Como criar um relatório reprodutível com Quarto

Integre texto, código, resultados e referências em um projeto Quarto que possa ser renderizado e verificado em ambiente limpo.

Texto, código, tabelas e figuras formam um relatório acadêmico gerado por uma cadeia reprodutível

Criar um relatório reprodutível com Quarto significa manter narrativa, código executável, resultados e referências em uma cadeia documentada. Em vez de copiar manualmente uma tabela para o editor de texto, o documento a produz a partir dos dados e do script durante a renderização. Quando a base ou o método muda, o relatório pode ser gerado novamente, reduzindo desencontros entre análise e apresentação.

Quarto não torna um estudo reprodutível por si só. O projeto ainda precisa de dados acessíveis de modo legítimo, código completo, dependências identificadas, caminhos portáveis, sementes quando há aleatoriedade e decisões metodológicas registradas. A ferramenta integra componentes; a qualidade depende do que foi incluído e testado.

Delimite o produto e o ambiente de execução

Defina primeiro o formato de saída: HTML para leitura navegável, PDF para paginação estável ou DOCX quando a equipe precisa de edição posterior. Um mesmo projeto pode gerar mais de um formato, mas recursos como tamanho de figura, quebras, fontes e referências cruzadas exigem conferência em cada saída. Escolha a opção principal conforme a finalidade acadêmica e as regras institucionais.

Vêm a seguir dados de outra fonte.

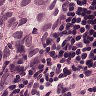
Metastatic tissue present: yes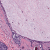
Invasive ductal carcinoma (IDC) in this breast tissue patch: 0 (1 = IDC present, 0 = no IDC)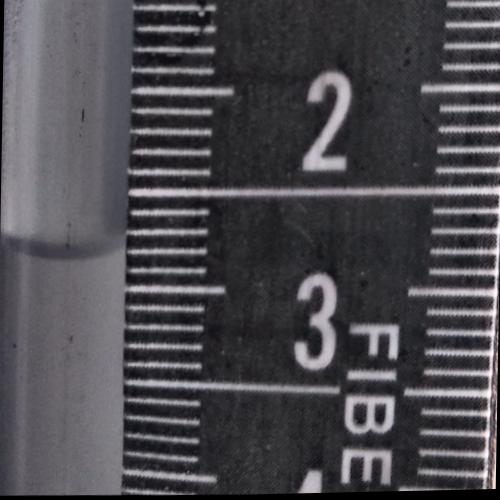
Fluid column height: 2.8 cm
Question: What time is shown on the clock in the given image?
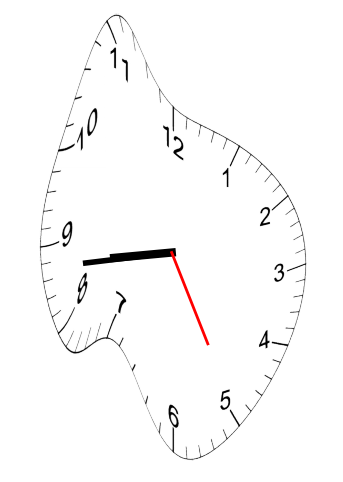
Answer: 08:43:25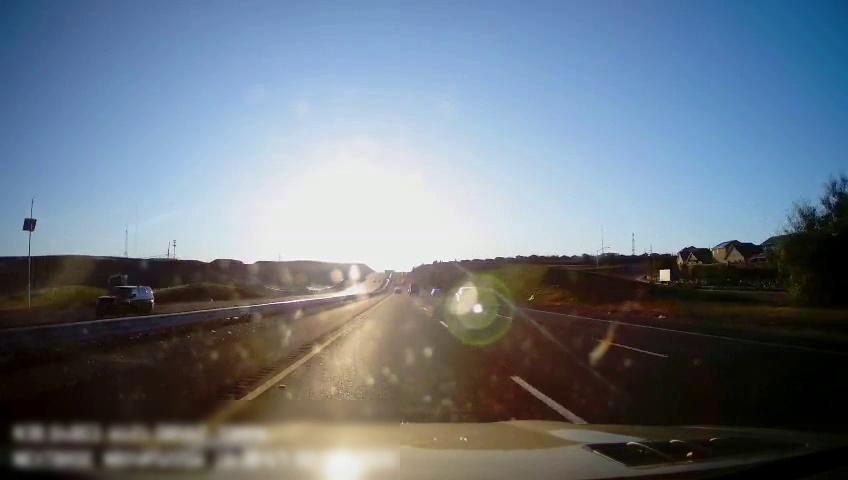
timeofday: Day
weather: Sunny
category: Drivable Space
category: Drivable Space
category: Vehicles | Car
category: Vehicles | Truck
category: Vehicles | SUV
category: Lanes | Current Lane
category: Lanes | Current Lane
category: Lanes | Alternate Lane
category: Lanes | Alternate Lane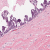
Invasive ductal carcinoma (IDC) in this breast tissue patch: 0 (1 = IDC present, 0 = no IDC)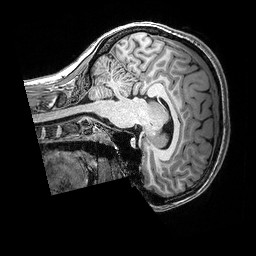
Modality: T1w
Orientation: sagittal
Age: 24
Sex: female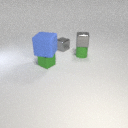
small green metal cube below large blue rubber cube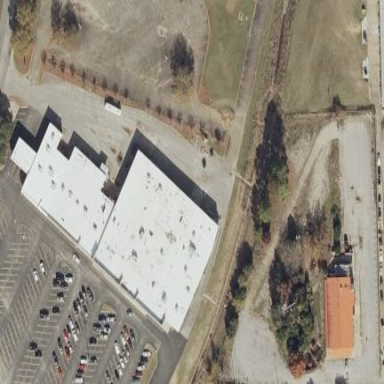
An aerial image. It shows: Retail building.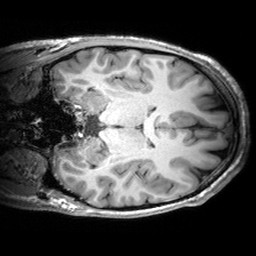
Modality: T1w
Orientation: coronal
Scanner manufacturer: siemens
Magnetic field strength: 3 T
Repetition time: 2.53 s
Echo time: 0.00299 s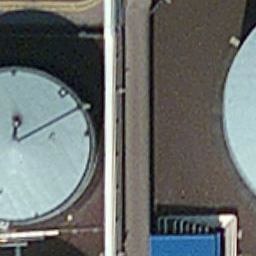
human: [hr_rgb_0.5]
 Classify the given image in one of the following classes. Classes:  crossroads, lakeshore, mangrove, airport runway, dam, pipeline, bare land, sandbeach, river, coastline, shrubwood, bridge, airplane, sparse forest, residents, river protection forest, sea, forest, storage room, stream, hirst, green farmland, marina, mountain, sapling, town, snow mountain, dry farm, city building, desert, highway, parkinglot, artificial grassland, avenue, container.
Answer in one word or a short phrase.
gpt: storage room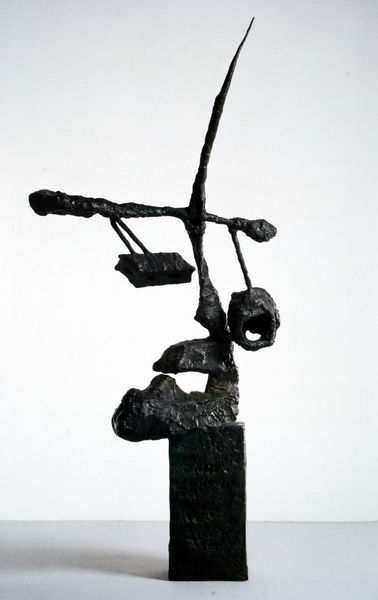
Titel: Köln-Antidom
Künstler: A. R. Penck
Standort: Berlin, Köln, New York
Institution: Galerie Michael Werner
Schlagwörter: dunkel, schatten, weiß, sitzen, bewegung, grau, hell, licht, mund, nase, schwarz, augen, mensch, sockel, spitze, bild, windmühle, schlank, figur, skulptur, abstrakt, formen, beleuchtung, metall, bronze, plastik, dünn, max ernst, foto, waage, kreuz, form, tasche, handtasche, picasso, schwingen, guss, fotographie, giacometti, mobile, antidom, ausgewogen, mencsh, pendeln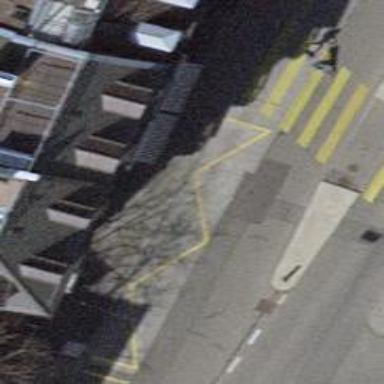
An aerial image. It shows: Kerb serving as barrier.
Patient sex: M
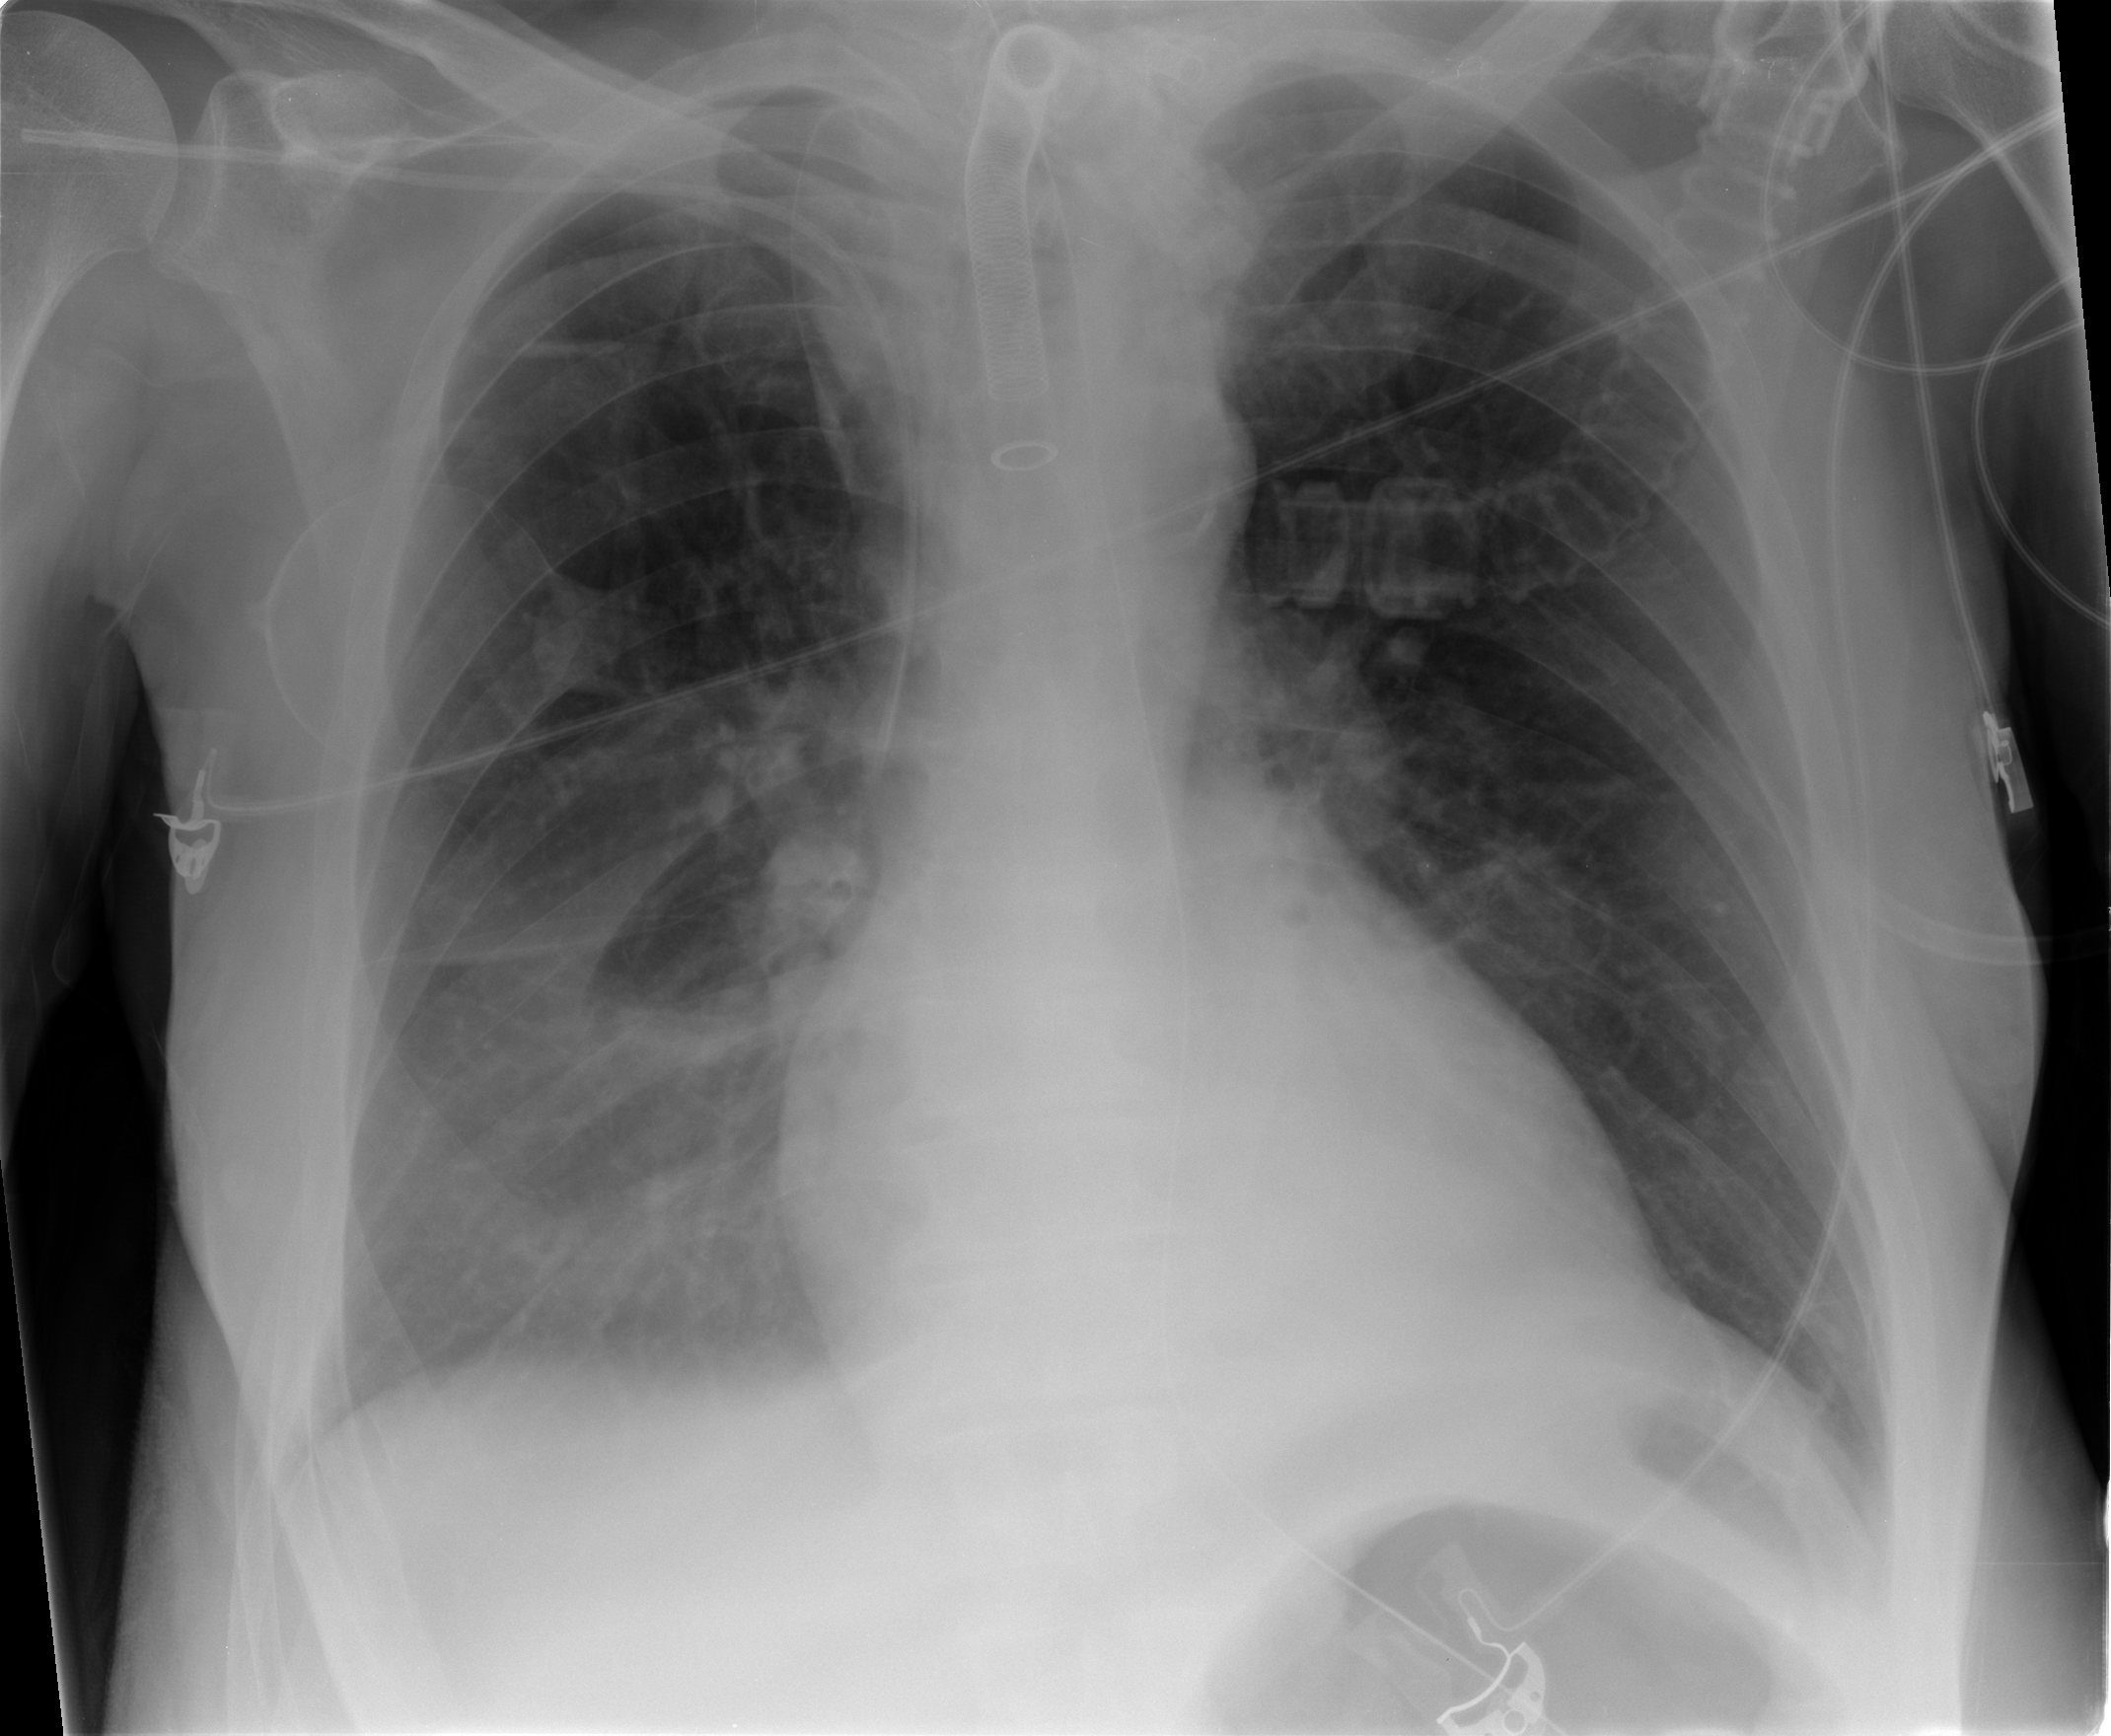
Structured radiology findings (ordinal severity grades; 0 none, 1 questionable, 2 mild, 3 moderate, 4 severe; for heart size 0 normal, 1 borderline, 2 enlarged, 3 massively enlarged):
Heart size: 0
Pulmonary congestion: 0
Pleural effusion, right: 3
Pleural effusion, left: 0
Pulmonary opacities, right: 2
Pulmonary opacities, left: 1
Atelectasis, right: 2
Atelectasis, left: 0

Instale o Quarto e o mecanismo da linguagem usada, como R, Python ou Julia. Confirme versões e execute um documento mínimo antes de migrar a análise. A documentação oficial de computação do Quarto explica como blocos executáveis produzem conteúdo e como opções controlam sua apresentação.

Registre o ambiente. Em R, ferramentas de gerenciamento de pacotes podem conservar versões; em Python, use um ambiente virtual com especificação de dependências. Informe também requisitos externos, como extensões, navegador, distribuição TeX ou ferramentas de sistema. Uma lista de pacotes sem versões ajuda pouco quando uma atualização altera resultados.

Estruture o projeto em vez de concentrar tudo em um arquivo

Crie um diretório de projeto com arquivo de configuração _quarto.yml, documentos-fonte e pastas para dados, código, referências e recursos. Não existe uma árvore universal. O critério é separar fontes mantidas pela equipe de saídas geradas, preservar caminhos relativos e deixar clara a ordem de processamento.

Um relatório curto pode executar a análise diretamente no arquivo .qmd. Para projeto maior, prefira funções e scripts testáveis, chamados pelo documento. Isso evita duplicar lógica em blocos dispersos e facilita verificar cálculos sem renderizar cem páginas. O texto deve explicar decisões; o código deve realizar tarefas definidas.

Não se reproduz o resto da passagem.